Does fal.ai have a free tier or monthly plan?: No. fal's public pricing page lists only usage-based rates — per-output model API calls and per-hour/per-second GPU compute. There are no seats, subscriptions, or free tier advertised.
How much does an H100 GPU cost on fal?: fal lists the H100 (80GB) at $1.89/hr, or $0.0005 per second. The H200 (141GB) is $2.10/hr, the A100 (40GB) is $0.99/hr, and the B200 (184GB) is 'contact us'. Rates are 'starting at' for custom deployments.
How is fal video generation priced?: Video models are billed by output unit — per second or per video. Examples: Wan 2.5 at $0.05/second, Kling 2.5 Turbo Pro at $0.07/second, Veo 3 at $0.4/second, and Ovi at $0.2/video.
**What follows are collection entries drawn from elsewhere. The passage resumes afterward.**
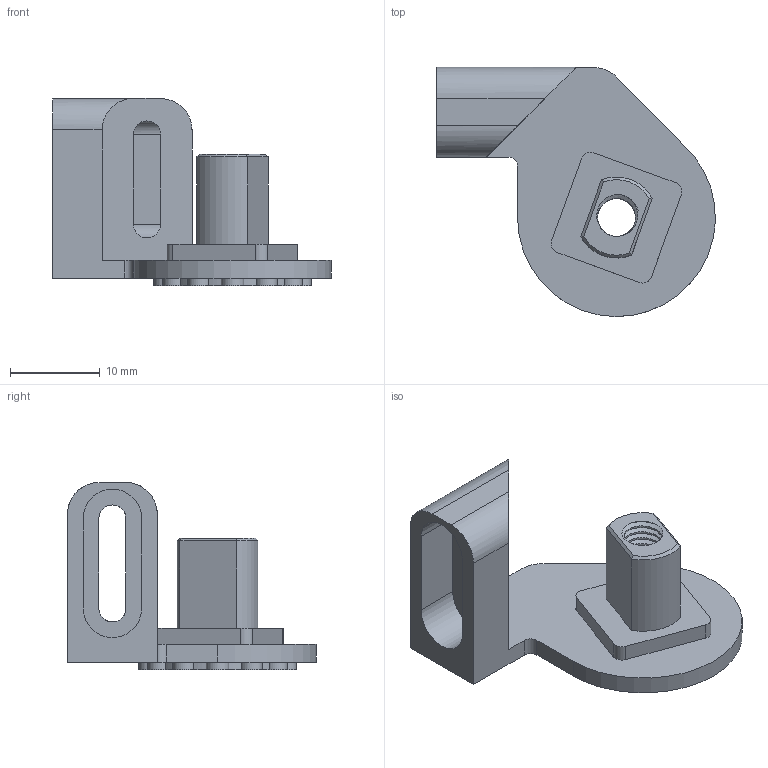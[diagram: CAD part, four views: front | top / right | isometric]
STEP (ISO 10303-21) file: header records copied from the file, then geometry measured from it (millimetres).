
FILE_DESCRIPTION(/* description */ (''),/* implementation_level */ '2;1');
FILE_NAME(/* name */ 'shifter_part2_Gauche_v2_OK.step',/* time_stamp */ '2021-03-22T10:24:30+01:00',/* author */ (''),/* organization */ (''),/* preprocessor_version */ 'ST-DEVELOPER v18.1',/* originating_system */ 'Autodesk Translation Framework v9.10.0.1330',/* authorisation */ '');
FILE_SCHEMA (('AUTOMOTIVE_DESIGN { 1 0 10303 214 3 1 1 }'));
Length unit declared in the file: millimetre
Products named in the file (1): shifter_part2_Gauche_v2
Bounding box: 31 x 27.67 x 20.8 mm (x, y, z)
Volume: 2929.6 mm3; surface area: 3056.8 mm2
Topology: 1 solids, 1 shells, 99 faces, 273 edges, 180 vertices
Faces by surface type: cylinder 67, plane 28, bspline 2, cone 2
Full cylindrical faces by diameter (mm): 4.234 x8, 5 x1, 5.12 x2
Entity records: 4905 total; most frequent: CARTESIAN_POINT 2384, ORIENTED_EDGE 546, DIRECTION 493, EDGE_CURVE 273, AXIS2_PLACEMENT_3D 186, VERTEX_POINT 180, LINE 121, VECTOR 121

How is fal image generation priced?: Image models are billed per image or per megapixel. Examples: Seedream V4 at $0.03/image, Flux Kontext Pro at $0.04/image, Nanobanana at $0.0398/image, and Qwen at $0.02/megapixel.
What does fal enterprise include?: fal enterprise adds private model hosting, custom inference and training kernels, foundational model research, dedicated serverless infrastructure, SOC2 certification, SSO, and user management — all priced via Contact Sales.